En droit civil, la commission a procédé à l’examen préalable de trois initiatives parlementaires :

L’initiative déposée par la conseillère nationale Fässler 06.466 (Améliorer la protection des maîtres d’ouvrage) demande une meilleure protection en cas de défauts de la construction, en particulier lorsque les parties recourent aux nouvelles formes contractuelles comme l’entreprise générale. La commission a constaté que le Conseil fédéral n’a pas répondu au postulat 02.3532, transmis le 13 décembre 2002, qui soulève exactement les mêmes questions que l’initiative 06.466. Cela étant, et pour tenir compte de la complexité des questions en discussion, elle a décidé de ne pas donner suite à l’initiative parlementaire (13 voix contre 9, avec 3 abstentions) mais de déposer une motion de même contenu (13 voix contre 12), obligeant ainsi le Conseil fédéral à proposer une modification de la législation.
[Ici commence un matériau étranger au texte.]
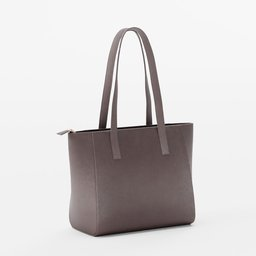
Label: tools
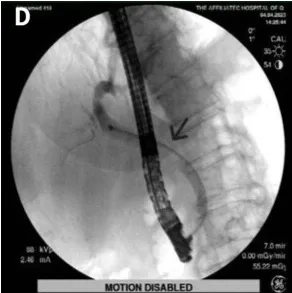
Imaging data of the patient. Endoscopic retrograde cholangiopancreatography showed a filling defect at the middle bile duct after several stones were removed (D). Lesion locations are marked with arrows.
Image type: radiology (x_ray)

La commission a décidé de donner suite à une initiative de la conseillère nationale Leutenegger Oberholzer par 12 voix contre 8, avec 1 abstention ( 06.490. Renforcement de la protection des consommateurs. Modification de l'article 210 CO) et approuve à l’unanimité la décision de la Commission des affaires juridiques du Conseil des Etats de donner suite à l’initiative parlementaire déposée par le conseiller aux Etats Bürgi ( 07.497. Droit du contrat de vente (art. 210 CO). Modifier le délai de prescription). Elle estime que ces deux initiatives soulèvent des questions à propos de la réglementation de la prescription dans le contrat de vente et dans le contrat d’entreprise qui méritent d’être examinées de manière approfondie.
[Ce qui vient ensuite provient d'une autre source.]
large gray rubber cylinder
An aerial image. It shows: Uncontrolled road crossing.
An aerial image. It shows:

06.461 n Iv.pa. Rechsteiner Paul. Réhabilitation des Suisses engagés volontaires durant la guerre civile espagnole
Enfin la commission a approuvé, par 15 voix contre 6, un projet de loi fédérale visant à réhabiliter de manière générale et abstraite les volontaires qui ont lutté contre le fascisme aux côtés des Républicains durant la guerre civile d’Espagne. En choisissant cette voie, la commission souhaite tenir compte de l’urgence due à l’âge avancé des personnes concernées, lorsqu’elles sont encore en vie. Par 11 voix contre 8, et 2 abstentions, elle a décidé de se limiter aux volontaires de la guerre civile espagnole, car ce sont les seuls pour lesquels la recherche historique a pu faire toute la lumière sur les raisons qui les ont conduits à s’engager. Une minorité propose de réhabiliter également les volontaires qui se sont engagés aux côtés de la Résistance française pendant la Seconde Guerre mondiale. Une autre minorité propose de ne pas entrer en matière sur le projet.

La commission a siégé les 6 et 7 novembre 2008 à Berne, sous la présidence de la conseillère nationale Gabi Huber (PRD/UR) et, pour partie, en présence de la conseillère fédérale Eveline Widmer-Schlumpf.